Rosetta’s camera finally captured images on Friday of the lander on comet 67P/Churyumov-Gerasimenko, weeks before the probe’s own mission ends, the agency said. The pictures showing the lander’s body and two of its three legs were taken as Rosetta passed within 2.7 kilometers of the surface.

After being launched in 2004, Rosetta took 10 years to accelerate and catch up with comet 67P. In November 2014 it released Philae, achieving the first landing of a spacecraft on a comet.

Philae bounced after its initial touchdown and its precise location on the comet couldn’t be pinned down until now, though its general vicinity was known.

After sending data to Earth for three days its battery ran out and it went into hibernation, only to recharge enough as thecomet came closer to the sun to communicate briefly with Rosetta in mid-2015.

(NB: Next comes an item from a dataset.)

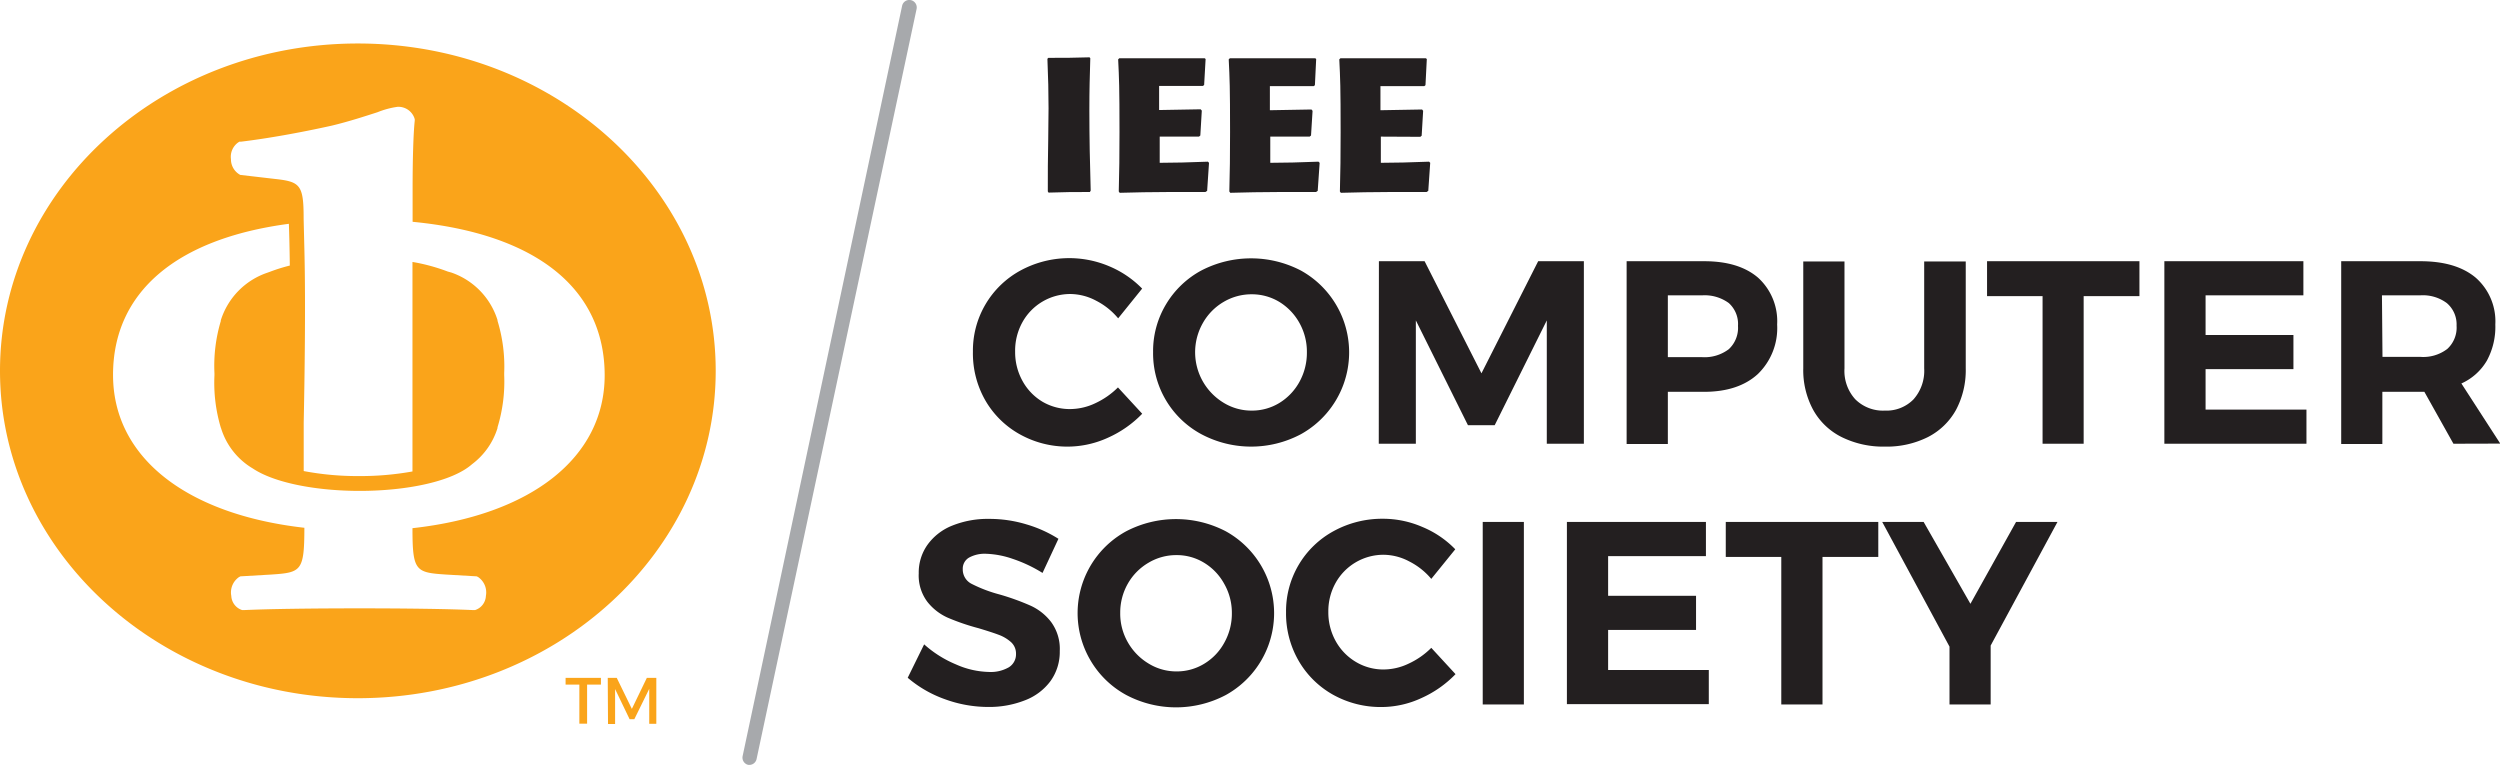 <svg id="Layer_1" data-name="Layer 1" xmlns="http://www.w3.org/2000/svg" viewBox="0 0 374.21 114.5"><defs><style>.cls-1{fill:#a7a9ac;}.cls-2{fill:#231f20;}.cls-3{fill:#faa41a;}</style></defs><title>IEEE-CS_LogoTM-orange</title><path class="cls-1" d="M123,124.84l-.23,0a1.11,1.11,0,0,1-.85-1.32L145.79,11.23a1.1,1.1,0,0,1,1.31-.86,1.12,1.12,0,0,1,.86,1.32L124,124A1.11,1.11,0,0,1,123,124.84Z" transform="translate(-10.76 -10.35)"/><path class="cls-2" d="M173.9,39.09c-2.69,0-3.38,0-6.19.09L167.6,39c0-2.55,0-5.08.06-7.61,0-1.62.05-3.23.05-4.85,0-2.5-.05-4.35-.17-7.39l.14-.14c2.79,0,3.38,0,6.17-.08l.11.14c-.08,2.84-.14,4.54-.14,7.81,0,4,.08,8.06.2,12Z" transform="translate(-10.76 -10.35)"/><path class="cls-2" d="M184.35,30.8v3.92c2.22,0,4.29-.06,7.21-.17l.17.17-.28,4.2-.26.17c-3.89,0-4.54,0-5.39,0-3.12,0-4.74.06-7.44.12l-.14-.2c.08-3.27.11-5,.11-8.89,0-6.82-.06-8-.2-10.88l.17-.17h12.78l.14.11L191,23.07l-.18.14h-6.56v3.61l6.22-.11.17.2-.22,3.72-.2.17Z" transform="translate(-10.76 -10.35)"/><path class="cls-2" d="M200.9,30.8v3.92c2.22,0,4.29-.06,7.21-.17l.18.17-.29,4.2-.25.17c-3.9,0-4.55,0-5.4,0-3.12,0-4.74.06-7.44.12l-.14-.2c.08-3.27.11-5,.11-8.89,0-6.82-.06-8-.2-10.88l.17-.17h12.78l.14.11-.19,3.92-.17.14h-6.57v3.61l6.22-.11.17.2L207,30.63l-.2.17Z" transform="translate(-10.76 -10.35)"/><path class="cls-2" d="M217.45,30.8v3.92c2.22,0,4.29-.06,7.22-.17l.17.17-.29,4.2-.25.17c-3.89,0-4.55,0-5.4,0-3.12,0-4.74.06-7.44.12l-.14-.2c.08-3.27.11-5,.11-8.89,0-6.82-.06-8-.2-10.88l.17-.17h12.78l.15.11-.2,3.92-.17.14h-6.57v3.61l6.23-.11.16.2-.22,3.72-.2.17Z" transform="translate(-10.76 -10.35)"/><path class="cls-2" d="M174.83,55.36a8.33,8.33,0,0,0-3.8-1,8.18,8.18,0,0,0-7.23,4.22A8.78,8.78,0,0,0,162.71,63a8.89,8.89,0,0,0,1.09,4.35,8.23,8.23,0,0,0,3,3.13A8.08,8.08,0,0,0,171,71.58a8.87,8.87,0,0,0,3.72-.88,11.83,11.83,0,0,0,3.38-2.36l3.63,3.94a16.43,16.43,0,0,1-5.13,3.59,14.59,14.59,0,0,1-13.22-.53,13.54,13.54,0,0,1-5.15-5.09A14.16,14.16,0,0,1,156.39,63a13.64,13.64,0,0,1,7.16-12.18,15.31,15.31,0,0,1,13.25-.61,14.93,14.93,0,0,1,4.92,3.34L178.13,58A10.43,10.43,0,0,0,174.83,55.36Z" transform="translate(-10.76 -10.35)"/><path class="cls-2" d="M205.49,50.85a14,14,0,0,1,0,24.49,15.87,15.87,0,0,1-14.91,0,13.74,13.74,0,0,1-7.22-12.27,13.6,13.6,0,0,1,1.93-7.16,13.78,13.78,0,0,1,5.27-5.06,16.14,16.14,0,0,1,14.93,0Zm-11.59,4.7a8.49,8.49,0,0,0-3.09,3.15,8.84,8.84,0,0,0,3.11,11.94,7.94,7.94,0,0,0,4.19,1.17,7.83,7.83,0,0,0,4.16-1.15,8.47,8.47,0,0,0,3-3.16,9,9,0,0,0,1.11-4.43,8.79,8.79,0,0,0-1.11-4.37,8.52,8.52,0,0,0-3-3.15,7.92,7.92,0,0,0-4.16-1.15A8.2,8.2,0,0,0,193.9,55.55Z" transform="translate(-10.76 -10.35)"/><path class="cls-2" d="M217.16,49.45H224l8.51,16.78L241,49.45h6.84V76.77h-5.55V58.31L234.49,74h-4l-7.8-15.69V76.77h-5.55Z" transform="translate(-10.76 -10.35)"/><path class="cls-2" d="M273.92,51.92a8.8,8.8,0,0,1,2.85,7,9.57,9.57,0,0,1-2.87,7.4C272,68.08,269.3,69,265.84,69h-5.43v7.81h-6.17V49.45h11.6C269.32,49.45,272,50.27,273.92,51.92Zm-4.39,10.7a4.36,4.36,0,0,0,1.38-3.49,4.21,4.21,0,0,0-1.38-3.42,6.11,6.11,0,0,0-4-1.15h-5.12v9.25h5.12A6,6,0,0,0,269.53,62.62Z" transform="translate(-10.76 -10.35)"/><path class="cls-2" d="M288.46,70.11a5.87,5.87,0,0,0,4.43,1.7,5.66,5.66,0,0,0,4.29-1.68,6.43,6.43,0,0,0,1.6-4.64v-16H305v16a12.65,12.65,0,0,1-1.46,6.22,10,10,0,0,1-4.2,4.06,13.75,13.75,0,0,1-6.44,1.43,14,14,0,0,1-6.48-1.43,9.93,9.93,0,0,1-4.25-4.06,12.45,12.45,0,0,1-1.49-6.22v-16h6.17v16A6.3,6.3,0,0,0,288.46,70.11Z" transform="translate(-10.76 -10.35)"/><path class="cls-2" d="M308.19,49.45H331v5.23h-8.35V76.77H316.5V54.68h-8.31Z" transform="translate(-10.76 -10.35)"/><path class="cls-2" d="M334.73,49.45h20.81v5.11H340.9v5.93h13.15V65.6H340.9v6.06H356v5.11H334.73Z" transform="translate(-10.76 -10.35)"/><path class="cls-2" d="M378,76.77,373.65,69h-6.29v7.81H361.2V49.45h11.86q5.35,0,8.28,2.47a8.7,8.7,0,0,1,2.93,7A10.6,10.6,0,0,1,383,64.34a8.4,8.4,0,0,1-3.81,3.41l5.82,9Zm-10.62-13h5.7a5.91,5.91,0,0,0,4-1.19,4.33,4.33,0,0,0,1.39-3.49A4.18,4.18,0,0,0,377,55.71a6,6,0,0,0-4-1.15h-5.7Z" transform="translate(-10.76 -10.35)"/><path class="cls-2" d="M162.34,94a13.48,13.48,0,0,0-4-.76,4.87,4.87,0,0,0-2.54.58,1.91,1.91,0,0,0-.93,1.72,2.4,2.4,0,0,0,1.34,2.21,21,21,0,0,0,4.16,1.58A36.21,36.21,0,0,1,165,101a8.08,8.08,0,0,1,3.1,2.46,6.79,6.79,0,0,1,1.29,4.33,7.46,7.46,0,0,1-1.39,4.51,8.51,8.51,0,0,1-3.81,2.87,14.58,14.58,0,0,1-5.5,1,18.89,18.89,0,0,1-6.52-1.17,17.66,17.66,0,0,1-5.54-3.2l2.46-5a16.78,16.78,0,0,0,4.76,3,12.76,12.76,0,0,0,4.92,1.13,5.44,5.44,0,0,0,3-.7,2.28,2.28,0,0,0,1.07-2,2.31,2.31,0,0,0-.72-1.74,5.71,5.71,0,0,0-1.84-1.11c-.74-.28-1.76-.61-3.06-1a33.4,33.4,0,0,1-4.59-1.57,8.06,8.06,0,0,1-3.06-2.38,6.55,6.55,0,0,1-1.29-4.25,7.16,7.16,0,0,1,1.33-4.31,8.36,8.36,0,0,1,3.7-2.85,14.21,14.21,0,0,1,5.55-1,19.06,19.06,0,0,1,5.54.82A18.85,18.85,0,0,1,169.19,91l-2.38,5.11A21,21,0,0,0,162.34,94Z" transform="translate(-10.76 -10.35)"/><path class="cls-2" d="M194.25,89.88a14,14,0,0,1,0,24.5,15.95,15.95,0,0,1-14.91,0,13.89,13.89,0,0,1-5.29-5.08,13.95,13.95,0,0,1,5.27-19.42,16.14,16.14,0,0,1,14.93,0Zm-11.59,4.71a8.46,8.46,0,0,0-3.09,3.14,8.73,8.73,0,0,0-1.13,4.37,8.61,8.61,0,0,0,1.15,4.41,8.75,8.75,0,0,0,3.09,3.16,7.92,7.92,0,0,0,4.19,1.18,7.84,7.84,0,0,0,4.16-1.16,8.3,8.3,0,0,0,3-3.16,8.89,8.89,0,0,0,1.12-4.43A8.72,8.72,0,0,0,194,97.73a8.38,8.38,0,0,0-3-3.14,7.83,7.83,0,0,0-4.16-1.15A8.1,8.1,0,0,0,182.66,94.59Z" transform="translate(-10.76 -10.35)"/><path class="cls-2" d="M221.71,94.39a8.32,8.32,0,0,0-3.81-1,8.2,8.2,0,0,0-7.22,4.21,8.7,8.7,0,0,0-1.09,4.33,8.85,8.85,0,0,0,1.09,4.36,8.27,8.27,0,0,0,3,3.12,8,8,0,0,0,4.21,1.15,8.73,8.73,0,0,0,3.73-.88,11.64,11.64,0,0,0,3.38-2.36l3.63,3.94a16.43,16.43,0,0,1-5.13,3.59,14.25,14.25,0,0,1-5.92,1.33,14.64,14.64,0,0,1-7.3-1.85,13.63,13.63,0,0,1-5.15-5.1,14.13,14.13,0,0,1-1.87-7.22,13.64,13.64,0,0,1,7.16-12.18,15.12,15.12,0,0,1,7.4-1.83,14.81,14.81,0,0,1,5.85,1.23,14.63,14.63,0,0,1,4.92,3.34L225,97A10.47,10.47,0,0,0,221.71,94.39Z" transform="translate(-10.76 -10.35)"/><path class="cls-2" d="M232.7,88.48h6.16V115.8H232.7Z" transform="translate(-10.76 -10.35)"/><path class="cls-2" d="M245.3,88.48h20.81v5.11H251.47v5.94h13.16v5.11H251.47v6h15.07v5.11H245.3Z" transform="translate(-10.76 -10.35)"/><path class="cls-2" d="M269.08,88.48h22.83v5.23h-8.35V115.8h-6.17V93.71h-8.31Z" transform="translate(-10.76 -10.35)"/><path class="cls-2" d="M318.73,88.48l-10,18.5v8.82h-6.16v-8.66L292.5,88.48h6.2l7,12.25,6.83-12.25Z" transform="translate(-10.76 -10.35)"/><path class="cls-3" d="M64.32,16.86c-29.58,0-53.56,21.94-53.56,49s24,49,53.56,49,53.57-21.94,53.57-49S93.91,16.86,64.32,16.86ZM72.5,89.41c0,6.42.46,6.64,5,6.94l4.62.27.2.1a2.79,2.79,0,0,1,1.17,2.83,2.33,2.33,0,0,1-1.63,2.12l-.14,0h-.15c-3.63-.17-10-.26-16.92-.26-7.34,0-13.66.09-17.35.26h-.14l-.15,0a2.34,2.34,0,0,1-1.63-2.12,2.79,2.79,0,0,1,1.17-2.83l.2-.1,4.63-.27c4.48-.3,4.93-.52,4.94-7-17.64-2-28.64-10.52-28.64-22.88S37.11,46.09,54,43.85c.06,1.61.11,3.77.14,6.25a25.24,25.24,0,0,0-2.89.9l-.44.16a11,11,0,0,0-7,7.14l0,.11a23.38,23.38,0,0,0-.95,7.82v.3a23.38,23.38,0,0,0,.95,7.82l.05.13a10.64,10.64,0,0,0,4.75,6c3.32,2.21,9.67,3.35,16,3.35,6.89,0,13.83-1.36,16.81-4a10.71,10.71,0,0,0,3.81-5.41l0-.11a23.38,23.38,0,0,0,1-7.82v-.3a23.38,23.38,0,0,0-1-7.82l0-.11a11,11,0,0,0-6.93-7.12L77.79,51a28,28,0,0,0-5.29-1.44V80.92a43.82,43.82,0,0,1-8,.69,43.11,43.11,0,0,1-8.28-.75V73.6c.14-6.76.29-17.49.12-25.07h0c0-.18-.13-5.32-.13-5.49,0-5-.51-5.49-4.24-5.9l-5.25-.61a2.65,2.65,0,0,1-1.39-2.36,2.63,2.63,0,0,1,1.07-2.49l.19-.12.22,0c3.84-.46,8.69-1.31,13.64-2.41,2.61-.63,5-1.42,6.81-2a12.74,12.74,0,0,1,3-.81A2.54,2.54,0,0,1,72.78,28l.06.2,0,.22c-.2,1.83-.32,5.64-.32,10.19v4.94c18.39,1.78,28.75,9.92,28.75,23C101.25,78.89,90.21,87.45,72.5,89.41Z" transform="translate(-10.76 -10.35)"/><path class="cls-3" d="M95.42,111.82h5.29v1H98.64v5.85H97.48v-5.85H95.42Zm6.31,0h1.35l2.26,4.64,2.24-4.64H109v6.87h-1.06v-5.23L105.71,118H105l-2.17-4.51v5.23h-1.06Z" transform="translate(-10.76 -10.35)"/></svg>

Comet lander Philae can be seen in this photo taken Friday by Rosetta's OSIRIS narrow-angle camera from a distance of 2.7 kilomters of the Comet 67P/Churyumov/Gerasimenko. Image: European Space Agency
Comet lander Philae can be seen in this photo taken Friday by Rosetta’s OSIRIS narrow-angle camera from a distance of 2.7 kilomters of the Comet 67P/Churyumov/Gerasimenko. Image: European Space Agency

ESA plans to crash Rosetta into the comet Sept. 30, because the probe is unlikely to survive lengthy hibernation in orbit as the comet heads away from the sun.

Data from Rosetta and Philae have already improved scientists’ understanding of the nature of comets and the role they played in the early universe. Analyzing the data fully is expected to keep researchers busy for years.

“We were beginning to think that Philae would remain lost forever,” said Patrick Martin, ESA’s Rosetta mission manager. “It is incredible we have captured this at the final hour.”

Rosetta project scientist Matt Taylor said that locating Philae provides missing information “needed to put Philae’s three days of science into proper context.”